Nella città più grigia del mondo esistono spazi in cui si danno queste forme di ostinata partecipazione, rese possibili dall’impegno di collettivi quali Ali di Cera DIY, Tutto il nostro sangue, Deafening DIY (per citarne solo alcuni) in luoghi di culto mai rassegnatisi: Cox 18, T28, Cascina Torchiera, Ponte della Ghisolfa, Casa Gorizia, Villa Vegan, Mondo delle Uova. E questa rete di luoghi in cui la scena cresce e si popola di volti sempre nuovi, e si stringe intorno a quelli ben noti, invece, esplode in sempre nuove forme e attinge nuove forze per rispondere a nuove esigenze.
Non è infatti un caso che le teste più «calde» del movimento abbiano organizzato il Can I Scream Fest, che ha già doppiato dopo la prima edizione, lo scorso novembre, con una data a febbraio, sempre in Santeria Toscana. Se gli headliner della prima edizione erano gli Øjne, – insieme a Shizune, Lantern, Put Puràna, Vibora, Tenia, Comic Sans, Bowie, Sky tea for Warriors – questa volta sono stati i Raein – con Rescüe Cat, Alas, Soastasphrenas, Xoxo, Konoha – a salire sul palco e a scatenare l’inferno in terra. Due band storiche che fanno da parafulmini per le esigenze di un movimento, per la necessità di avere più spazio e dei luoghi adeguati in cui esperire le proprie pratiche e rappresentare la propria esistenza.
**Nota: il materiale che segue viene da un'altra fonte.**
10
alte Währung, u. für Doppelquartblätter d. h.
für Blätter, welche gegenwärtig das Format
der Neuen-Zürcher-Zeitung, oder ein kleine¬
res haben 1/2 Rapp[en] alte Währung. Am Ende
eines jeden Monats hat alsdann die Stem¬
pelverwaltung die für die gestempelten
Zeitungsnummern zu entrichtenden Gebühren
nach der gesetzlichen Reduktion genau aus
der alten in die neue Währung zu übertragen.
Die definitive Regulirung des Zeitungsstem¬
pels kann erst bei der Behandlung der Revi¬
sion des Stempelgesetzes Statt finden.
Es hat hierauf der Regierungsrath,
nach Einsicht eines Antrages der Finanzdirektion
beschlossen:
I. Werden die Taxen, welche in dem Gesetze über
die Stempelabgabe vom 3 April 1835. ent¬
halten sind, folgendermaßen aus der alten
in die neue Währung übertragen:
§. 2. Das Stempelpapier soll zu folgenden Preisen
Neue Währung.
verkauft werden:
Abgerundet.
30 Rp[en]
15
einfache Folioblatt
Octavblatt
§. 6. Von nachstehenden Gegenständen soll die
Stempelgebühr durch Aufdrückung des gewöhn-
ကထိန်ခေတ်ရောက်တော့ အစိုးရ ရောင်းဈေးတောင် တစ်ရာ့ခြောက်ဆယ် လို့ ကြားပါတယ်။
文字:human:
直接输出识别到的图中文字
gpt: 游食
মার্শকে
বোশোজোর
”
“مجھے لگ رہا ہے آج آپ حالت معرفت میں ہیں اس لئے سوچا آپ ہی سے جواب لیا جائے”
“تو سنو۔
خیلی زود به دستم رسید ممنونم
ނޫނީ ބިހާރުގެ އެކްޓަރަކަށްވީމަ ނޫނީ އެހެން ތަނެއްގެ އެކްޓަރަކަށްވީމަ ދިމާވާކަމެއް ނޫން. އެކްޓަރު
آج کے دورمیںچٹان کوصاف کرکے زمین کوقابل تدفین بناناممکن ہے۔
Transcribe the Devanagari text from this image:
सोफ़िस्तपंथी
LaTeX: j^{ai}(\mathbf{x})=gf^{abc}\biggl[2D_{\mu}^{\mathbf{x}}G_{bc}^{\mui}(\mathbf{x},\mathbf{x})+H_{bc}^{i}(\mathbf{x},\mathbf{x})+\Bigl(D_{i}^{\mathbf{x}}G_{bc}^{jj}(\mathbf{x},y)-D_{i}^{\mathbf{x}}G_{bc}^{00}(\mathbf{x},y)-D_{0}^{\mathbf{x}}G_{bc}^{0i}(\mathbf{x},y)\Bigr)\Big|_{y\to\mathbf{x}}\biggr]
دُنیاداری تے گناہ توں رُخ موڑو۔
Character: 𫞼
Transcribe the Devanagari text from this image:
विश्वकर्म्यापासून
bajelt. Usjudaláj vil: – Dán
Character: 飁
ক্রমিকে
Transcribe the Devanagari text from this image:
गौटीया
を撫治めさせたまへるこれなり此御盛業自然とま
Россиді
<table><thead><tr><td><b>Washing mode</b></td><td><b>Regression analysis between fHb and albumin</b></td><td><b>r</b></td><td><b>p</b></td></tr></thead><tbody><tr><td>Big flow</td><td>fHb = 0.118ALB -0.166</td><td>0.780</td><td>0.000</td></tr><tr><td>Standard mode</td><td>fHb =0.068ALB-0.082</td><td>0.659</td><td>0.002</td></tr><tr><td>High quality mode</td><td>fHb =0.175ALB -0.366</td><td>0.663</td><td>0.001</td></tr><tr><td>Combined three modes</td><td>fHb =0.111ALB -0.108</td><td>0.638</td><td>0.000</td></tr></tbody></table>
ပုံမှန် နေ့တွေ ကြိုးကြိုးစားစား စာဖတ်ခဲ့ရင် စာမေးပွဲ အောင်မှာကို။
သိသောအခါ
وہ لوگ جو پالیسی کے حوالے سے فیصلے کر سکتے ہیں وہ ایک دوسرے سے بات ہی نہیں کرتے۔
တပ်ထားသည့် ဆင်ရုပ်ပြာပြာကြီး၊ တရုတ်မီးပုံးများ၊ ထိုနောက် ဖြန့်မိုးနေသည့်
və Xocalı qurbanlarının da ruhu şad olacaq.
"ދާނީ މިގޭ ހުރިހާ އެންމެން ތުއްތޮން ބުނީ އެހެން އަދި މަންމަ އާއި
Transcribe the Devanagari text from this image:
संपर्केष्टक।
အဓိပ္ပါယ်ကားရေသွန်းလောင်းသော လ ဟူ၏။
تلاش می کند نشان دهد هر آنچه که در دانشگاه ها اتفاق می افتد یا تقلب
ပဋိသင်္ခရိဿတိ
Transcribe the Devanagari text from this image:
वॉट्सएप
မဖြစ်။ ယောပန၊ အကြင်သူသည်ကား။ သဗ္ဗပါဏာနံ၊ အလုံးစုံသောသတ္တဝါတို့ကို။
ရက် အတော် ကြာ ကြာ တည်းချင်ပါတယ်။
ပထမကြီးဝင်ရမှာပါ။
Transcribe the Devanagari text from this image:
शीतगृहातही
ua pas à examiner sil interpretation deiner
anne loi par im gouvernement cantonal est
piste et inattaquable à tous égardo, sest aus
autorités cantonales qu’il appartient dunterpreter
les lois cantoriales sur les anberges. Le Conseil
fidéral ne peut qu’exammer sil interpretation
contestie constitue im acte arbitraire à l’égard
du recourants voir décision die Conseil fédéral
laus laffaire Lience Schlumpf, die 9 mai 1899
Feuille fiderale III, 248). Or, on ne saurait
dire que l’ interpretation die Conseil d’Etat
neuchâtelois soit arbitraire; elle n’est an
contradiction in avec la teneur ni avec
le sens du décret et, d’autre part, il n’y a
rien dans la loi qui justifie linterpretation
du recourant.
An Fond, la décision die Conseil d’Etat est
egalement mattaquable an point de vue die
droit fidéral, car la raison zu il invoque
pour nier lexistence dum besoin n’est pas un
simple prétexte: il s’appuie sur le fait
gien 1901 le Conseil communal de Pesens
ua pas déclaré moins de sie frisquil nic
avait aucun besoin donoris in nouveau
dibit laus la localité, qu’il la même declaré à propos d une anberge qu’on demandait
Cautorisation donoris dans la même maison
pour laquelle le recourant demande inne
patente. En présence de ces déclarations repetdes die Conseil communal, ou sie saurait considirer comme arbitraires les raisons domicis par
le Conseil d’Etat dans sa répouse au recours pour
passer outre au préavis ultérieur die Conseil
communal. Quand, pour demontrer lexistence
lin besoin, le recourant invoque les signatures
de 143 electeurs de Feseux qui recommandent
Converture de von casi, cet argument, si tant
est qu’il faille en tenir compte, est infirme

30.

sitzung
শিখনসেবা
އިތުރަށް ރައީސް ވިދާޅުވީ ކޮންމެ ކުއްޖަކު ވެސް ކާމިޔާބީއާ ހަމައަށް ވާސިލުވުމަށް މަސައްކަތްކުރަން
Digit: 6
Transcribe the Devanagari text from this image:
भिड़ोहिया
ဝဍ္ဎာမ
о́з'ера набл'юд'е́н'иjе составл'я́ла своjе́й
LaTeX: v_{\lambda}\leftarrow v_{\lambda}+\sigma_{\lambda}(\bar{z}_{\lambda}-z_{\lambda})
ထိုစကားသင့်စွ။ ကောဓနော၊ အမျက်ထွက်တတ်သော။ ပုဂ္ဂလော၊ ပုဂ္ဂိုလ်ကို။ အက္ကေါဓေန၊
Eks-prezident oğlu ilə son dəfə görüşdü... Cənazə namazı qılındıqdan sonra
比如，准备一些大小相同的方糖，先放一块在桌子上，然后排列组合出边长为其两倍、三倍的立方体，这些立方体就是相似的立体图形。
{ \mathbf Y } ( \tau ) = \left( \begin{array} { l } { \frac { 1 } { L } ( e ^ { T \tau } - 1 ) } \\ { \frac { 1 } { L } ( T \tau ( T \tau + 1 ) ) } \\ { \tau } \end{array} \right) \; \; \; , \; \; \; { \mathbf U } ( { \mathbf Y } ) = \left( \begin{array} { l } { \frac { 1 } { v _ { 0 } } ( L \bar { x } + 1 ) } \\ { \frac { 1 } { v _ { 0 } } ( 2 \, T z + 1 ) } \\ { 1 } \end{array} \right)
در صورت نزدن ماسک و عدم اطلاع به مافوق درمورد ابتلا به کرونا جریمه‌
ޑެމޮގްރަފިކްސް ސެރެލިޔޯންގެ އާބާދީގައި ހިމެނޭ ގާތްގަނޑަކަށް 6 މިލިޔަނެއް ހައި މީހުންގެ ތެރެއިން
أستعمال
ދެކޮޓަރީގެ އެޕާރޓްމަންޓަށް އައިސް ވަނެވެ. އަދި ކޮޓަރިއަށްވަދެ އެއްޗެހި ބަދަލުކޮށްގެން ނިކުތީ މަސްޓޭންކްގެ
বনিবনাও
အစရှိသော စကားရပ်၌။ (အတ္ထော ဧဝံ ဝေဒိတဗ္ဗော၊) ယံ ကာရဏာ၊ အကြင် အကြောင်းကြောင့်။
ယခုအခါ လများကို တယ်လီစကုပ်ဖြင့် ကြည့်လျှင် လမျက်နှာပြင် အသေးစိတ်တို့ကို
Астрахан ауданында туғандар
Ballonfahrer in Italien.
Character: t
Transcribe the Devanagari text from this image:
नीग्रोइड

Perché se è vero che il movimento cresce sempre di più, è evidente che esso abbia bisogno più spazio e di luoghi conformi alla sua identità, e il fatto che un festival screamo, hardcore, emo e post-hc abbia luogo in uno spazio paraistituzionale, per quanto l’organizzazione tenga a mettere in pratica tutte le specifiche affinché tutto corrisponda alla natura di ciò che avviene (dal costo contenutissimo del biglietto all’assenza di transenne sotto lo stage), crea un’interessante occasione di riflessione sullo stato del movimento, sulla sua capacità di prendersi dei posti e di restituirli a una comunità spesso relegata all’identità di una nicchia.
Il Can I Scream ha il merito di urlare, appunto, che non siamo una nicchia, e che in una città come Milano abbiamo il diritto e la voglia di sentirci rappresentati, di vivere i nostri spazi come meglio riteniamo, e di formulare idee conflittuali che mettano in discussione un modello di metropoli che soffoca e allontana, che marginalizza ed esclude. Questo è un momento di climax per la storia del movimento, un attimo di follia esagitata che ribolle sotto la quotidianità e gli sforzi di ognuna e ognuno.
L’idea è di mostrare alla città che non possiamo più stare ai margini, di aprire una nuova fase di dibattito in cui ci prendiamo gli spazi di cui abbiamo bisogno in maniera indiscriminata, perché questa cosa esiste ed è grande, questo noi si espande e rimaniamo aggrappati con le unghie e con i denti al fluire della storia.
Come diceva qualcuno: Non è solo musica. Nel frattempo: sarebbe meglio dire «controcultura», non «sottocultura». Siamo contro, non sotto.